Top of SOURCE MATERIAL

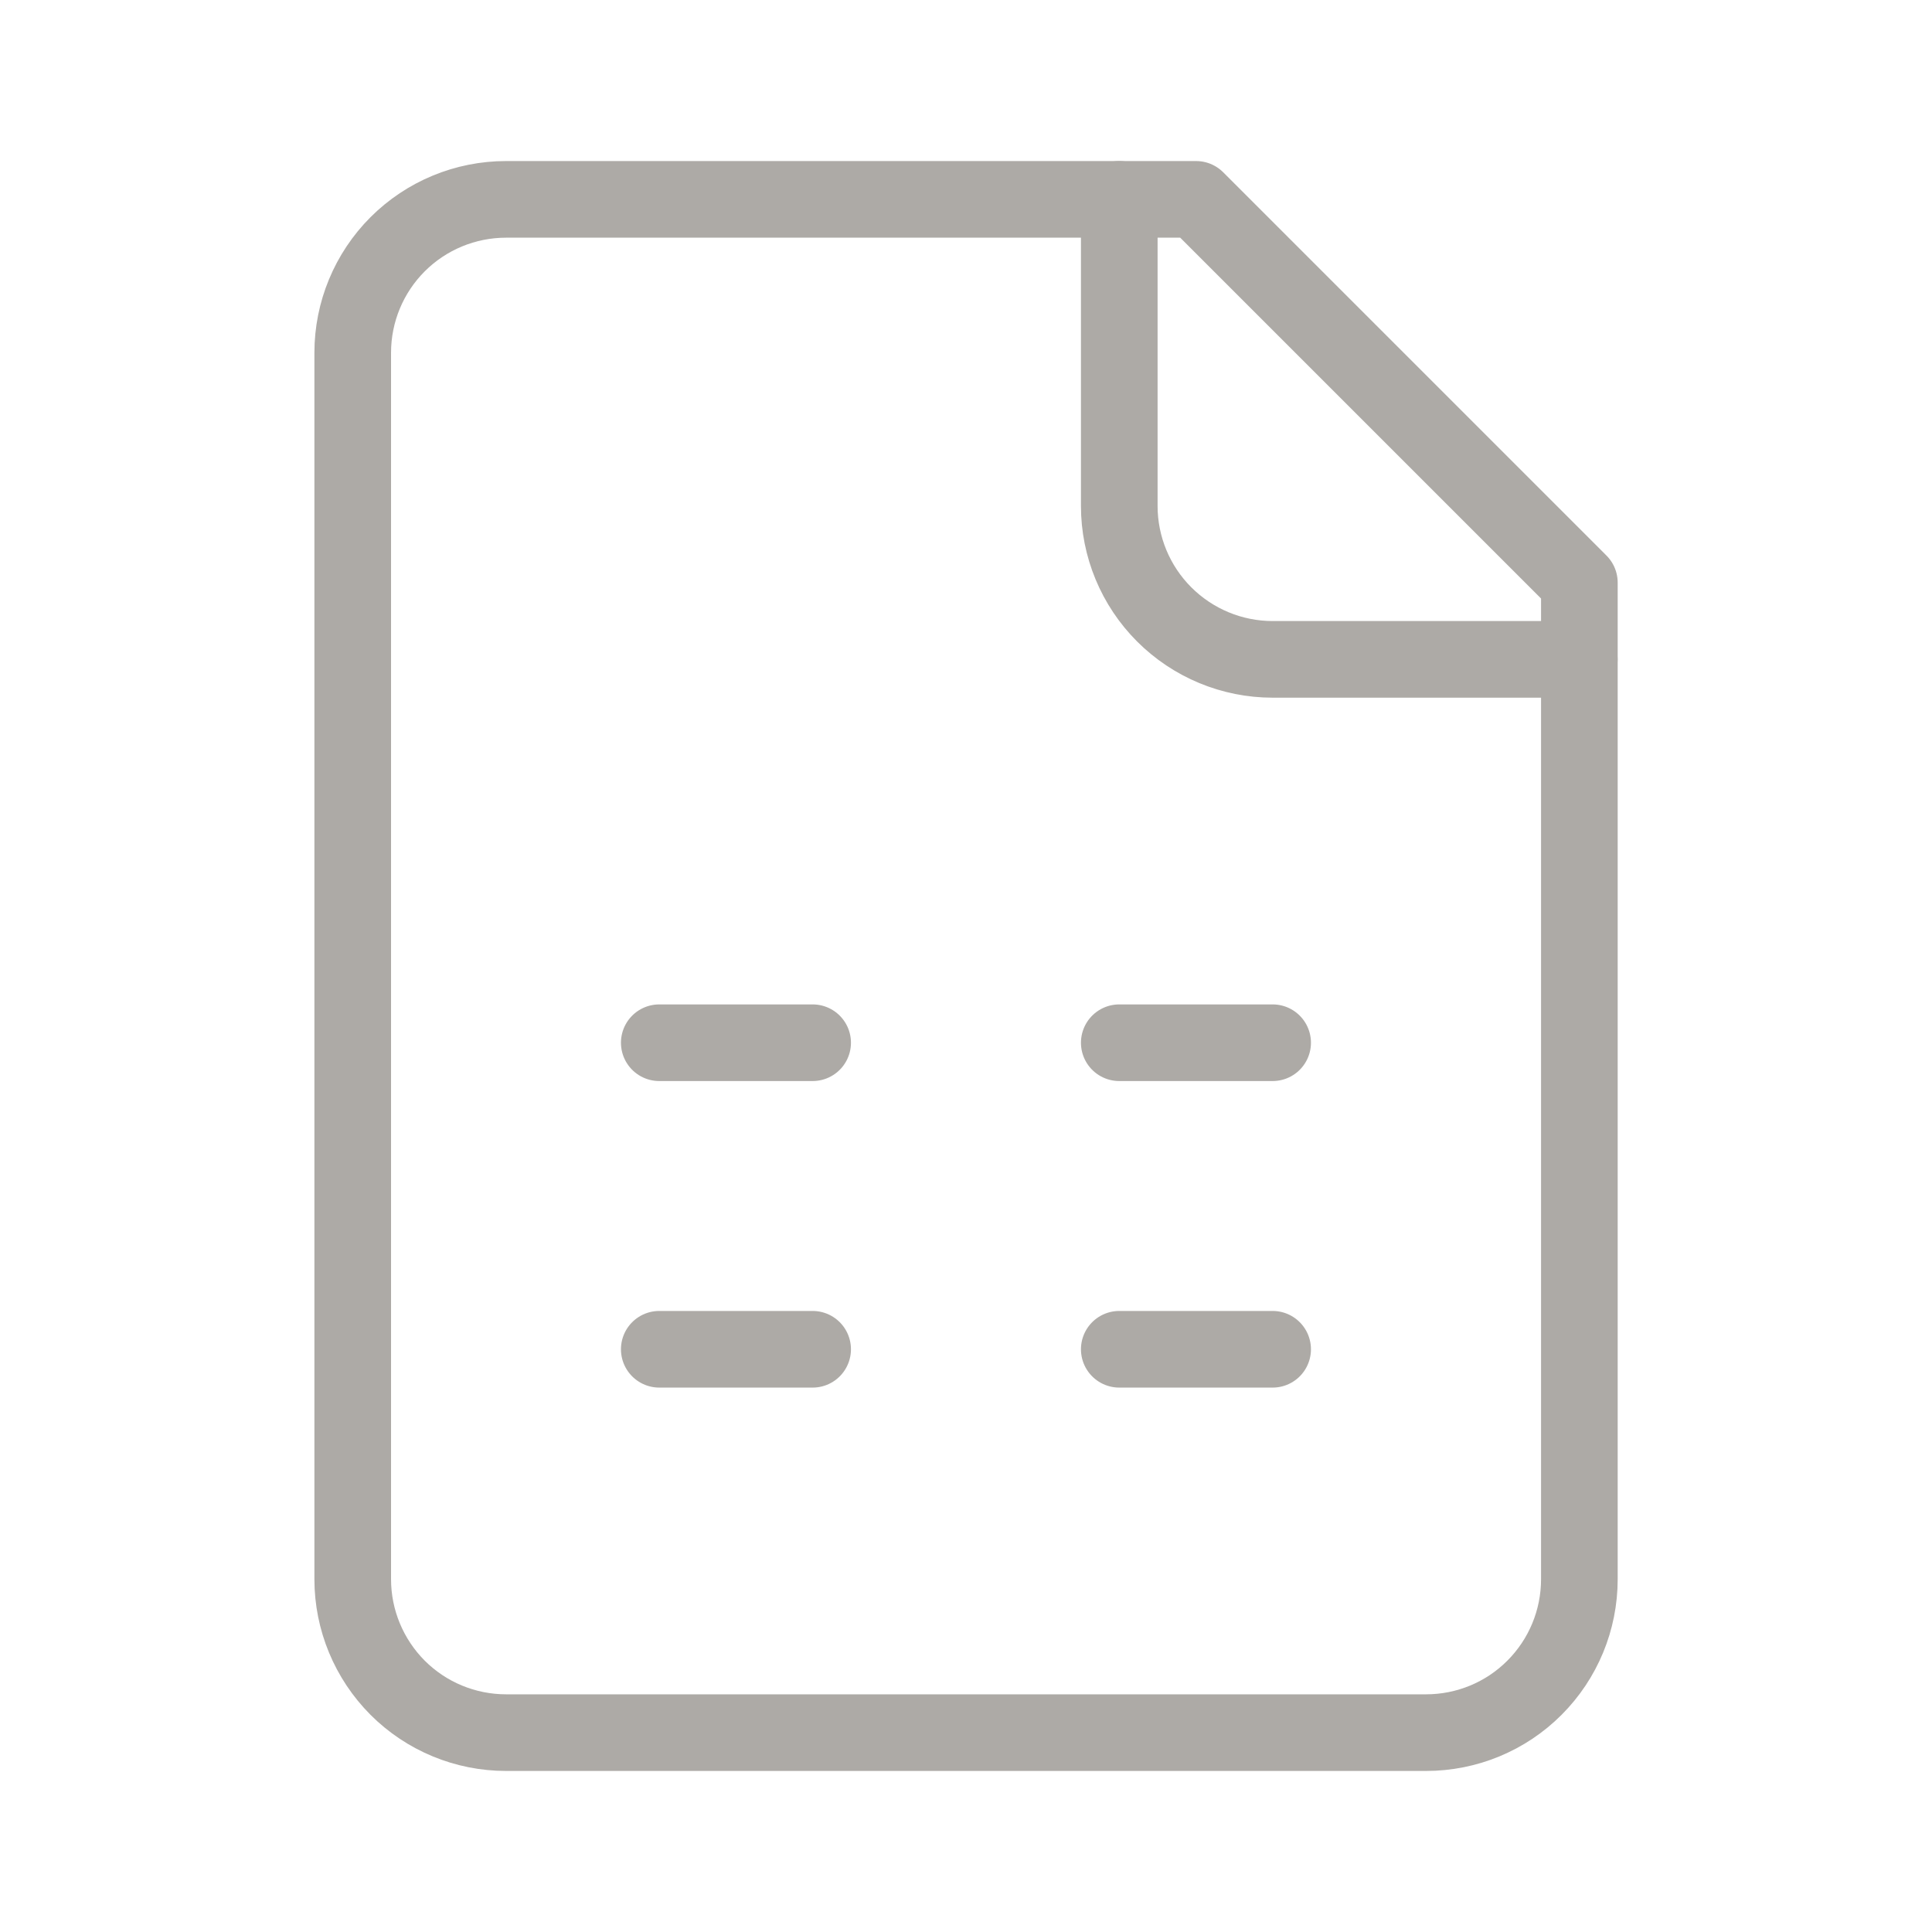 <svg xmlns:xlink="http://www.w3.org/1999/xlink" xmlns="http://www.w3.org/2000/svg" fill="none" viewBox="0 0 21 21" height="21" width="21">
<path stroke-linejoin="round" stroke-linecap="round" stroke-width="0.833" stroke="#ADAAA6" d="M13.001 2.167H5.501C5.059 2.167 4.635 2.342 4.322 2.655C4.01 2.967 3.834 3.391 3.834 3.833V17.166C3.834 17.608 4.01 18.032 4.322 18.345C4.635 18.658 5.059 18.833 5.501 18.833H15.501C15.943 18.833 16.367 18.658 16.679 18.345C16.992 18.032 17.167 17.608 17.167 17.166V6.333L13.001 2.167Z"/>
<path stroke-linejoin="round" stroke-linecap="round" stroke-width="0.833" stroke="#ADAAA6" d="M12.166 2.167V5.5C12.166 5.942 12.342 6.366 12.654 6.678C12.967 6.991 13.391 7.167 13.833 7.167H17.166"/>
<path stroke-linejoin="round" stroke-linecap="round" stroke-width="0.833" stroke="#ADAAA6" d="M7.166 11.334H8.833"/>
<path stroke-linejoin="round" stroke-linecap="round" stroke-width="0.833" stroke="#ADAAA6" d="M12.166 11.334H13.833"/>
<path stroke-linejoin="round" stroke-linecap="round" stroke-width="0.833" stroke="#ADAAA6" d="M7.166 14.666H8.833"/>
<path stroke-linejoin="round" stroke-linecap="round" stroke-width="0.833" stroke="#ADAAA6" d="M12.166 14.666H13.833"/>
</svg>

Bottom of SOURCE MATERIAL

## TASK PROMPT
Your copy of the data should match it exactly, apart from the images, which are omitted.

## TASK SOLUTION
 <svg xmlns:xlink="http://www.w3.org/1999/xlink" xmlns="http://www.w3.org/2000/svg" fill="none" viewBox="0 0 21 21" height="21" width="21">
<path stroke-linejoin="round" stroke-linecap="round" stroke-width="0.833" stroke="#ADAAA6" d="M13.001 2.167H5.501C5.059 2.167 4.635 2.342 4.322 2.655C4.01 2.967 3.834 3.391 3.834 3.833V17.166C3.834 17.608 4.01 18.032 4.322 18.345C4.635 18.658 5.059 18.833 5.501 18.833H15.501C15.943 18.833 16.367 18.658 16.679 18.345C16.992 18.032 17.167 17.608 17.167 17.166V6.333L13.001 2.167Z"/>
<path stroke-linejoin="round" stroke-linecap="round" stroke-width="0.833" stroke="#ADAAA6" d="M12.166 2.167V5.5C12.166 5.942 12.342 6.366 12.654 6.678C12.967 6.991 13.391 7.167 13.833 7.167H17.166"/>
<path stroke-linejoin="round" stroke-linecap="round" stroke-width="0.833" stroke="#ADAAA6" d="M7.166 11.334H8.833"/>
<path stroke-linejoin="round" stroke-linecap="round" stroke-width="0.833" stroke="#ADAAA6" d="M12.166 11.334H13.833"/>
<path stroke-linejoin="round" stroke-linecap="round" stroke-width="0.833" stroke="#ADAAA6" d="M7.166 14.666H8.833"/>
<path stroke-linejoin="round" stroke-linecap="round" stroke-width="0.833" stroke="#ADAAA6" d="M12.166 14.666H13.833"/>
</svg>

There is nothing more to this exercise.